### Exercise goal:
Please transcribe the data below in full. Omit any picture you find in it.

Start of Records supplied

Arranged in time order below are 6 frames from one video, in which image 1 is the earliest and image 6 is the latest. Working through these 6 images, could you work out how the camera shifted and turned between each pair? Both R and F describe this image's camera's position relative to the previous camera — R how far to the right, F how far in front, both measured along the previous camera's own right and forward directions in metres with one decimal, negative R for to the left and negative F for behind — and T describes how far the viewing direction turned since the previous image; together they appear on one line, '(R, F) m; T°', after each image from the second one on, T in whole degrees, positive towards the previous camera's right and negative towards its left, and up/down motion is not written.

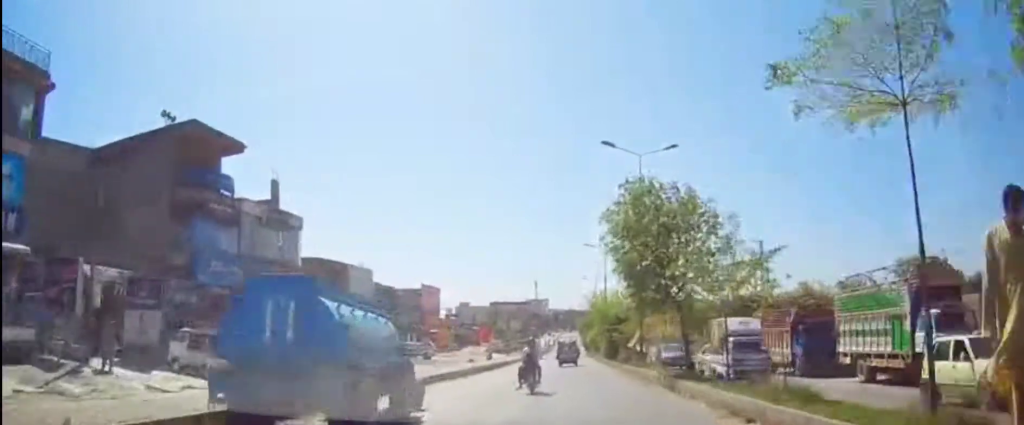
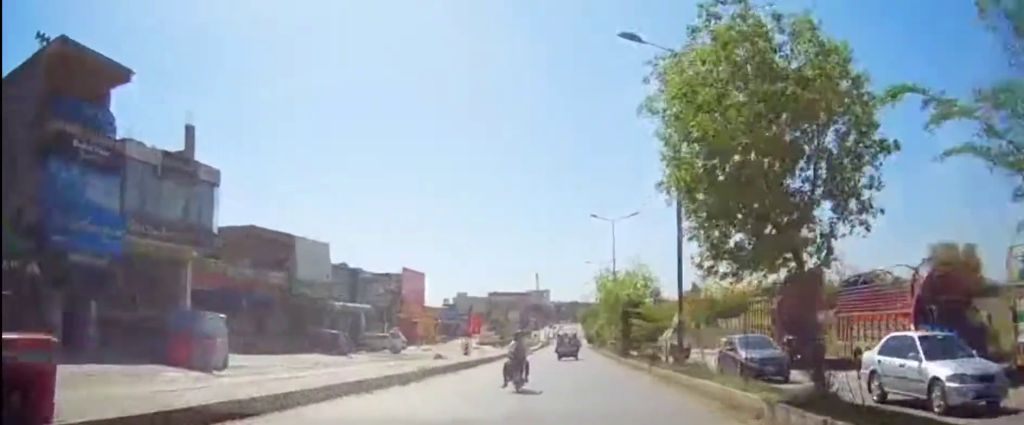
(+0.5, +11.3) m; 0°
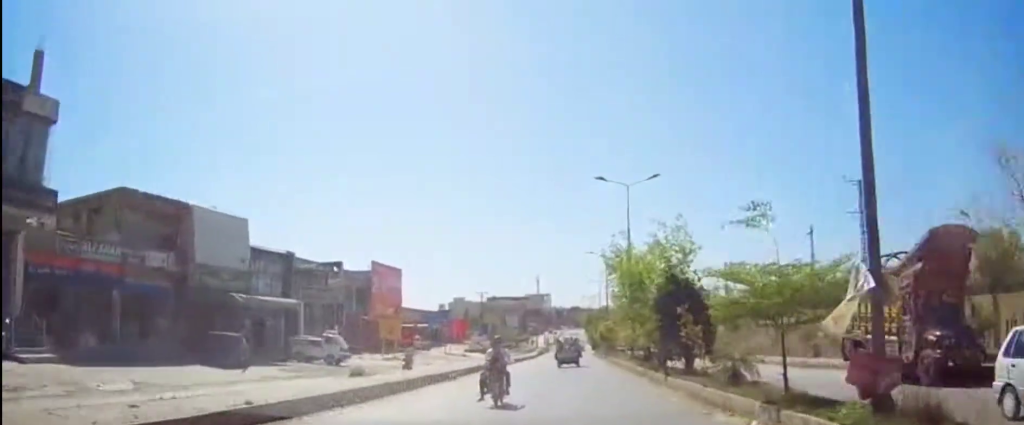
(-0.6, +13.8) m; -2°
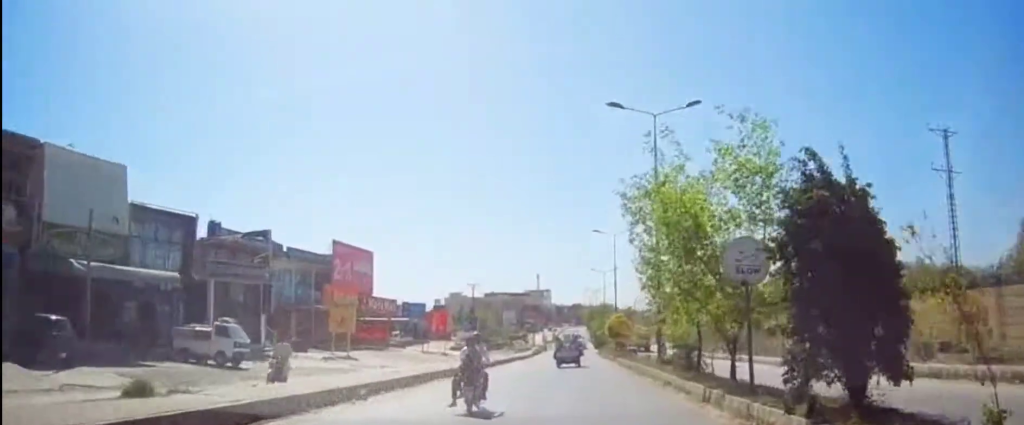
(0.0, +12.2) m; 0°
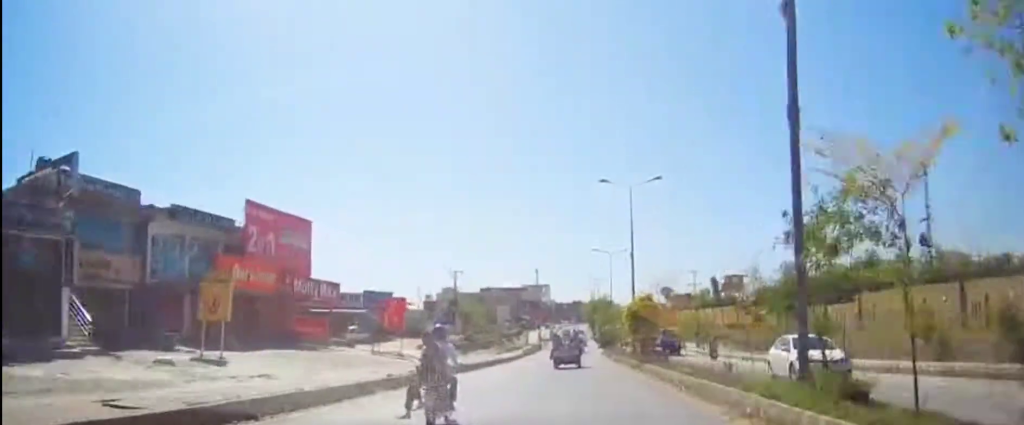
(+0.1, +16.2) m; +2°
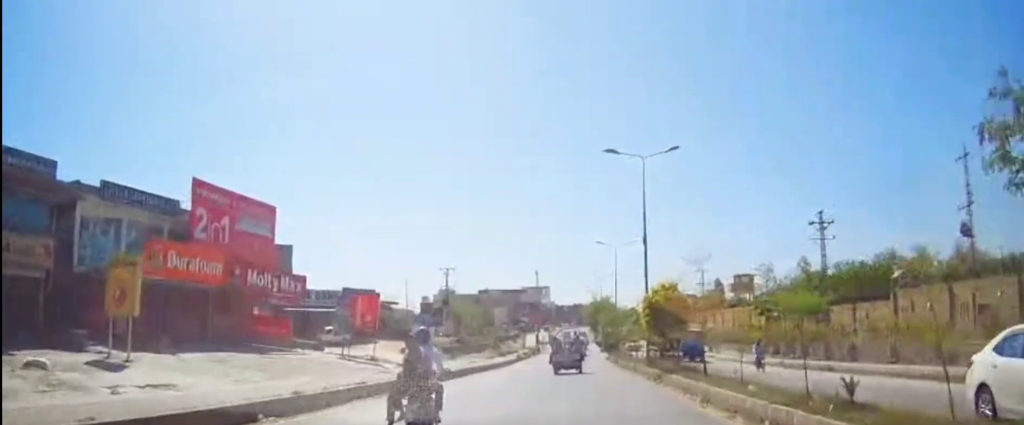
(0.0, +7.0) m; +1°

End of Records supplied

### Answer for this exercise:
Arranged in time order below are 6 frames from one video, in which image 1 is the earliest and image 6 is the latest. Working through these 6 images, could you work out how the camera shifted and turned between each pair? Both R and F describe this image's camera's position relative to the previous camera — R how far to the right, F how far in front, both measured along the previous camera's own right and forward directions in metres with one decimal, negative R for to the left and negative F for behind — and T describes how far the viewing direction turned since the previous image; together they appear on one line, '(R, F) m; T°', after each image from the second one on, T in whole degrees, positive towards the previous camera's right and negative towards its left, and up/down motion is not written.

(+0.5, +11.3) m; 0°
(-0.6, +13.8) m; -2°
(0.0, +12.2) m; 0°
(+0.1, +16.2) m; +2°
(0.0, +7.0) m; +1°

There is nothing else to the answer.